How can the U.S. pay off its debt? ›

Interest Rates

Maintaining interest rates at low levels can help stimulate the economy, generate tax revenue, and, ultimately, reduce the national debt. Lower interest rates make it easier for individuals and businesses to borrow money for goods and services, which creates jobs and increases tax revenues.

Why is the U.S. in debt? ›

The federal government needs to borrow money to pay its bills when its ongoing spending activities and investments cannot be funded by federal revenues alone. Decreases in federal revenue are largely due to either a decrease in tax rates or individuals or corporations making less money.

What country printed too much money? ›

Hungary 1946. The worst case of hyperinflation ever recorded occurred in Hungary in the first half of 1946. By the midpoint of the year, Hungary's highest denomination bill was the 100,000,000,000,000,000,000 (One Hundred Quintillion) pengo, compared to 1944s highest denomination, 1,000 pengo.

Is the U.S. dollar failing? ›

The same Fed report found that the dollar made up 60% of globally disclosed official foreign reserves as of 2021 — which the analysts say signifies the currency is expected to hold onto its value in the future without losing too much of its purchasing power.

Can America print unlimited money? ›

No, the US cannot print unlimited money. While the US Federal Reserve has the authority to create new money, there are limits to prevent excessive inflation and maintain the stability of the economy.

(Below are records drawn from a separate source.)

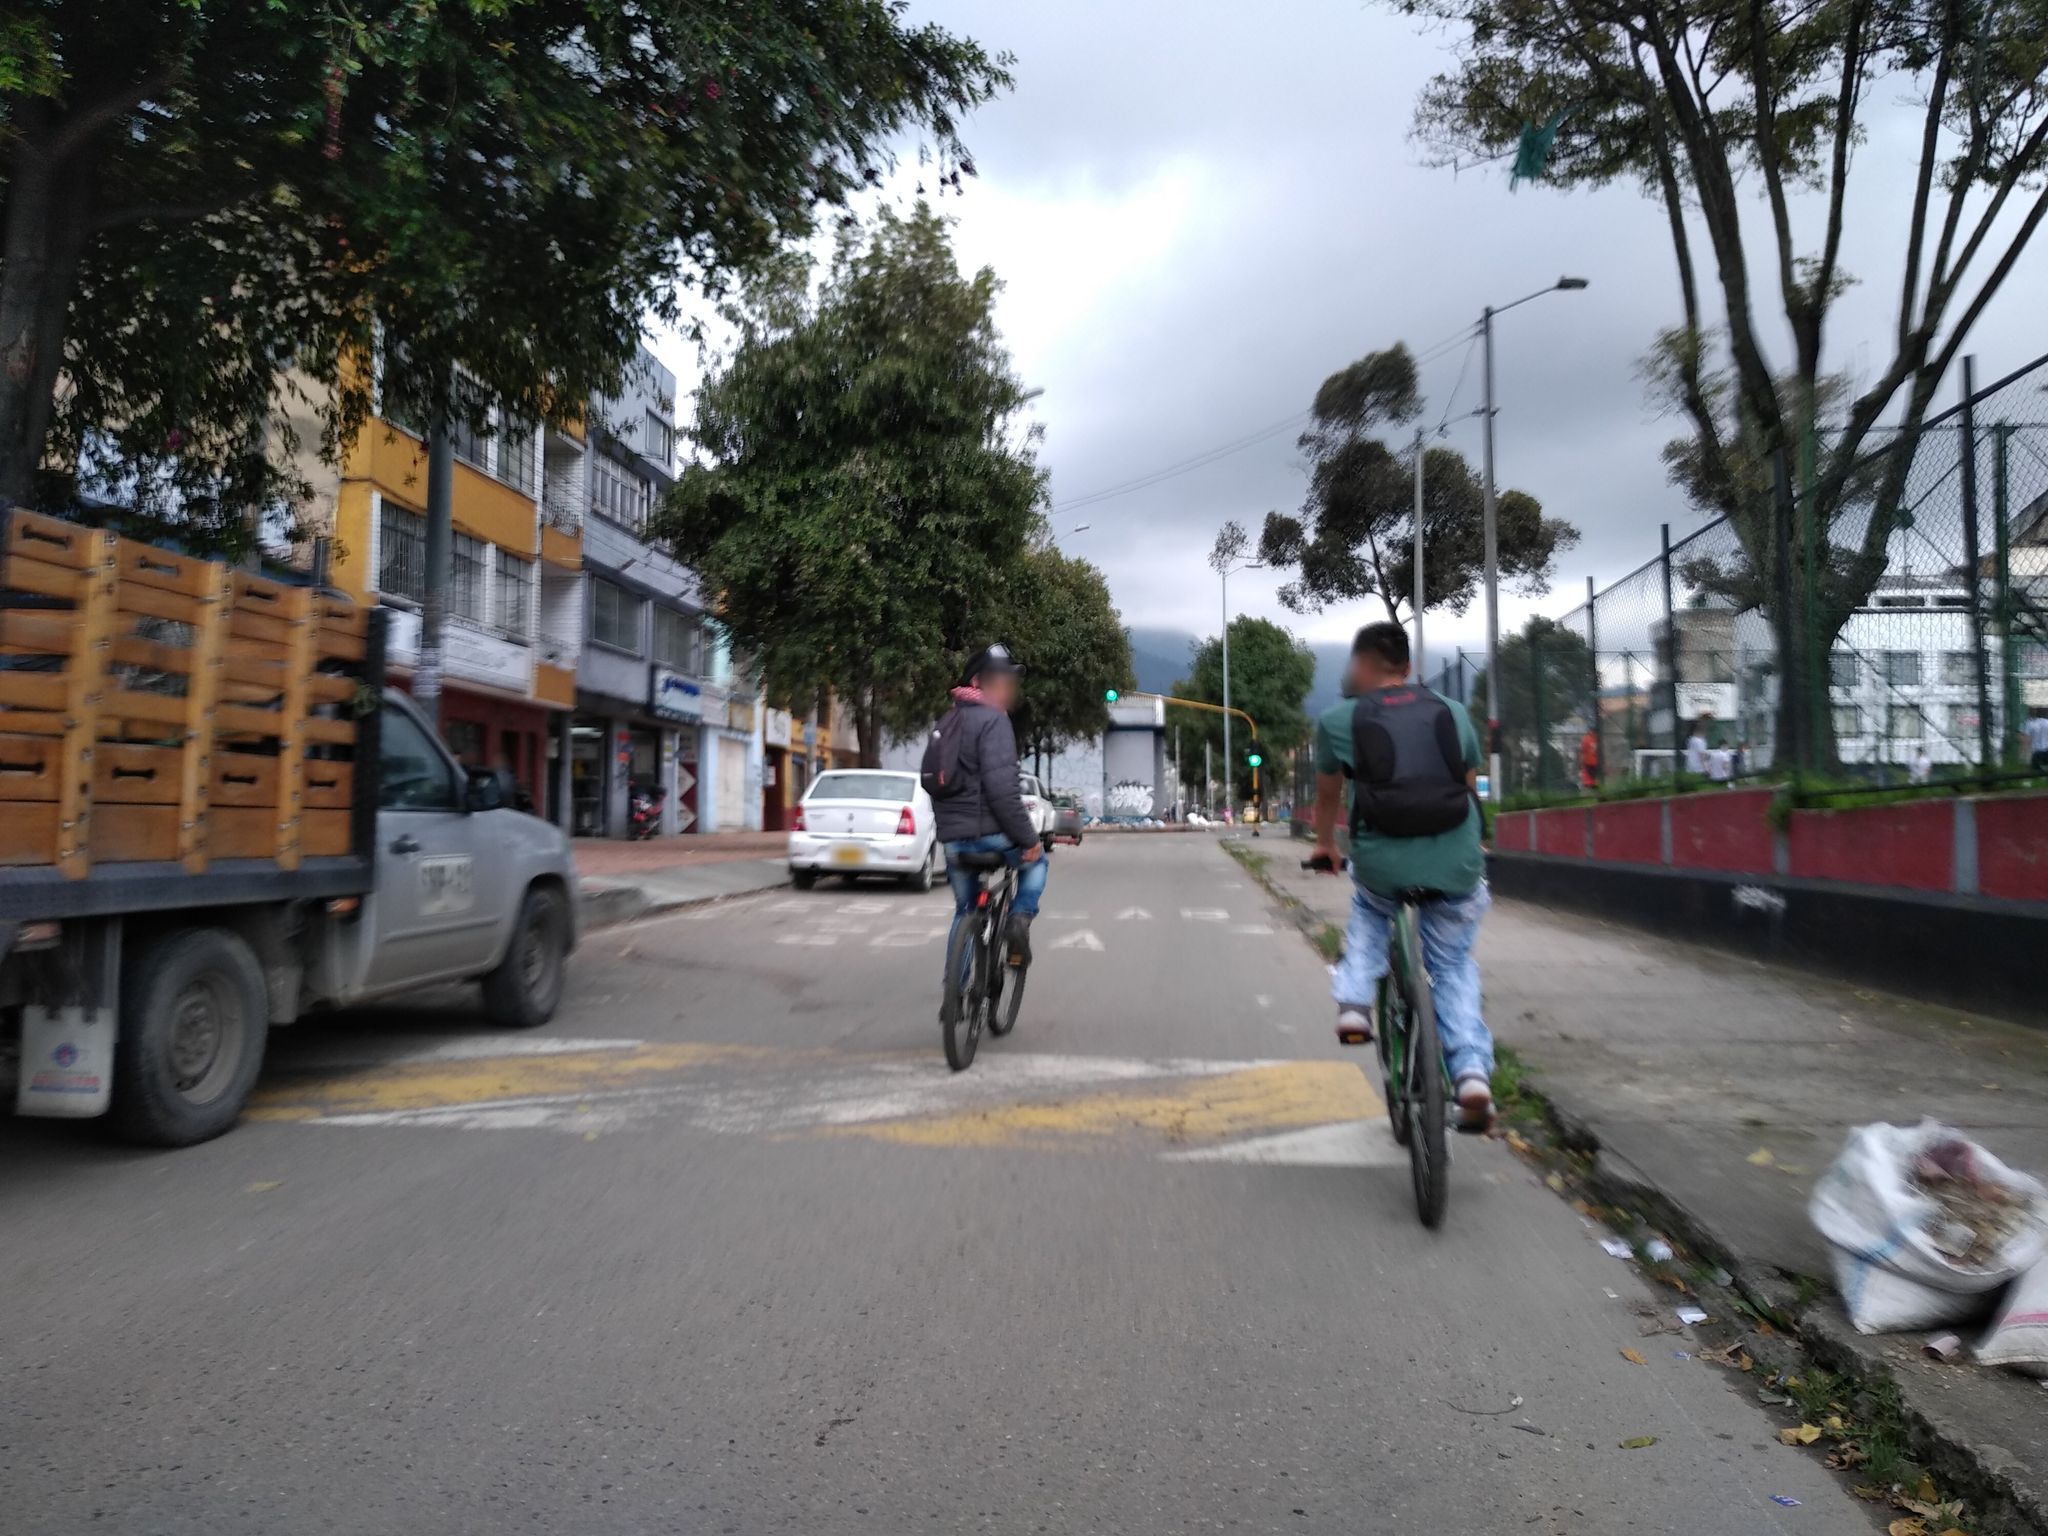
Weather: cloudy
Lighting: day
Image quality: good
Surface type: walking surface
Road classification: tertiary
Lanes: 2
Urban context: urban centre
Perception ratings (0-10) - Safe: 8.41, Lively: 7.97, Beautiful: 1.19, Boring: 6.45, Depressing: 1.09, Wealthy: 4.16

Who can legally print U.S. money? ›

The Bureau of Engraving and Printing is the Nation's sole producer of U.S. paper currency.

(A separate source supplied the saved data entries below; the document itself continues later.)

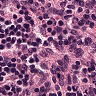
Metastatic tissue present: no
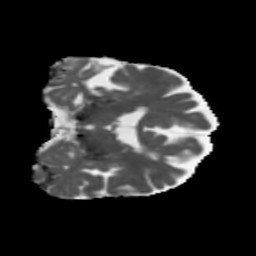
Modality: MD
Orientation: coronal
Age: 73
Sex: female
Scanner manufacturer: siemens
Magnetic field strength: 3 T
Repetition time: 5.47 s
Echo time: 0.0854 s
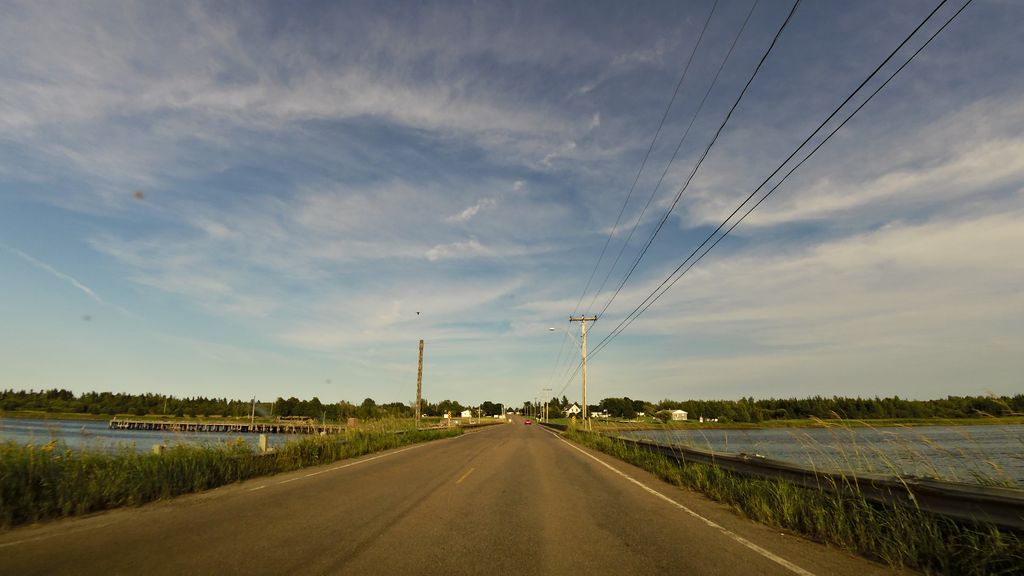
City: charlottetown
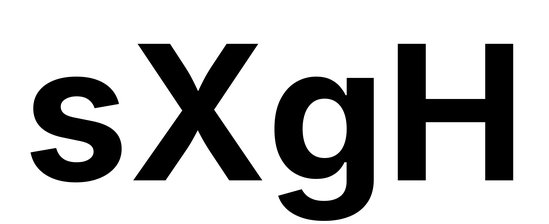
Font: Inter_Bold
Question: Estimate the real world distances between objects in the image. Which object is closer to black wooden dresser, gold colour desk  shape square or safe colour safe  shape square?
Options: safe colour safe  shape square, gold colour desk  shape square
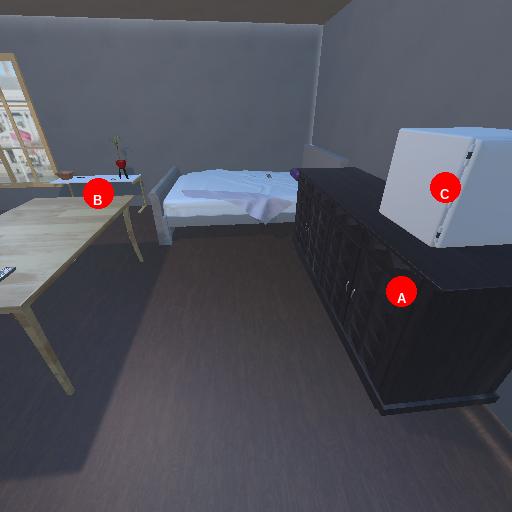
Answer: safe colour safe  shape square
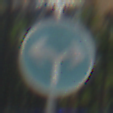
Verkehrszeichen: VorgeschriebeneFahrtrichtungRechtsOderLinks
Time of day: MorningAfternoon
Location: Outdoor (Urban)
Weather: Overcast
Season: NotSpecified
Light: Natural
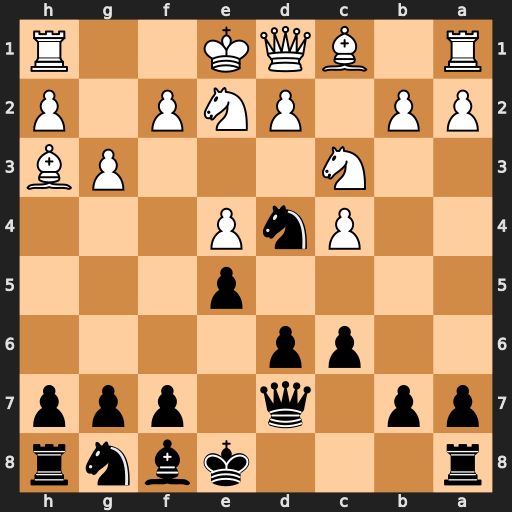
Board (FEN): r3kbnr/pp1q1ppp/2pp4/4p3/2PnP3/2N3PB/PP1PNP1P/R1BQK2R
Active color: b
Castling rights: KQkq
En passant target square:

Why can't we just stop inflation? ›

But several other factors that weigh on prices, such as geopolitical conflicts and natural disasters, are outside of the Fed's control. And the Fed can only go so far with interest rate hikes without cooling the economy too much and causing a recession.

Where does printed money go? ›

If the banknotes are not genuine, Federal Reserve Banks send them to the U.S. Secret Service. If they are genuine and still in good condition, the notes are sent to depository institutions to fill new orders for currency.

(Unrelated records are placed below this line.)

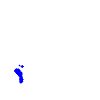
Particle: electron
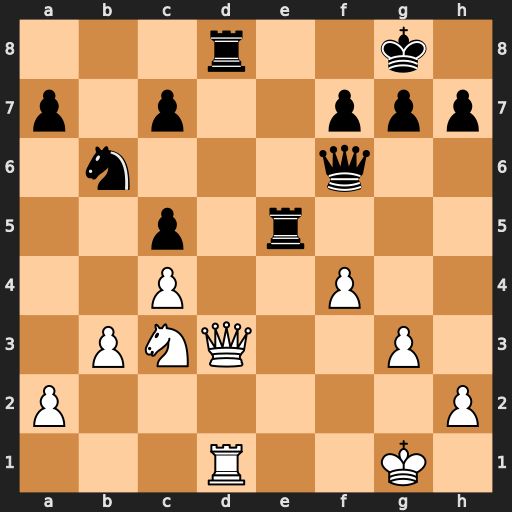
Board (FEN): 3r2k1/p1p2ppp/1n3q2/2p1r3/2P2P2/1PNQ2P1/P6P/3R2K1
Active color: w
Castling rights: -
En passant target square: -
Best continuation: Qxd8+ Qxd8 Rxd8+ Re8 Rxe8#
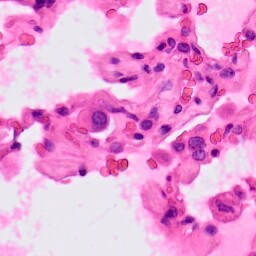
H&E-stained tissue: Lung
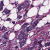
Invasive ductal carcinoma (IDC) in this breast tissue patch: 1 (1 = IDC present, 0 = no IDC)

How much money is printed each day? ›

Learn more interesting facts about money in the U.S. here. * The Bureau of Engraving and Printing produces 38 million notes a day with a face value of approximately $541 million. * 95% of the notes printed each year are used to replace notes already in circulation.

How much money is the U.S. printing? ›

Calendar-Year Print Order: Volume and Value
YearVolume of Notes PrintedValue of Notes Printed
20226.0$267.1
20216.8$319.7
20206.4$216.1
20195.7$173.7
17 more rows
May 5, 2023

References

Top Articles
Latest Posts
Article information

Author: Margart Wisoky

Last Updated:

Views: 5821

Rating: 4.8 / 5 (58 voted)

Reviews: 89% of readers found this page helpful

Author information

Name: Margart Wisoky

Birthday: 1993-05-13

Address: 2113 Abernathy Knoll, New Tamerafurt, CT 66893-2169

Phone: +25815234346805

Job: Central Developer

Hobby: Machining, Pottery, Rafting, Cosplaying, Jogging, Taekwondo, Scouting

Introduction: My name is Margart Wisoky, I am a gorgeous, shiny, successful, beautiful, adventurous, excited, pleasant person who loves writing and wants to share my knowledge and understanding with you.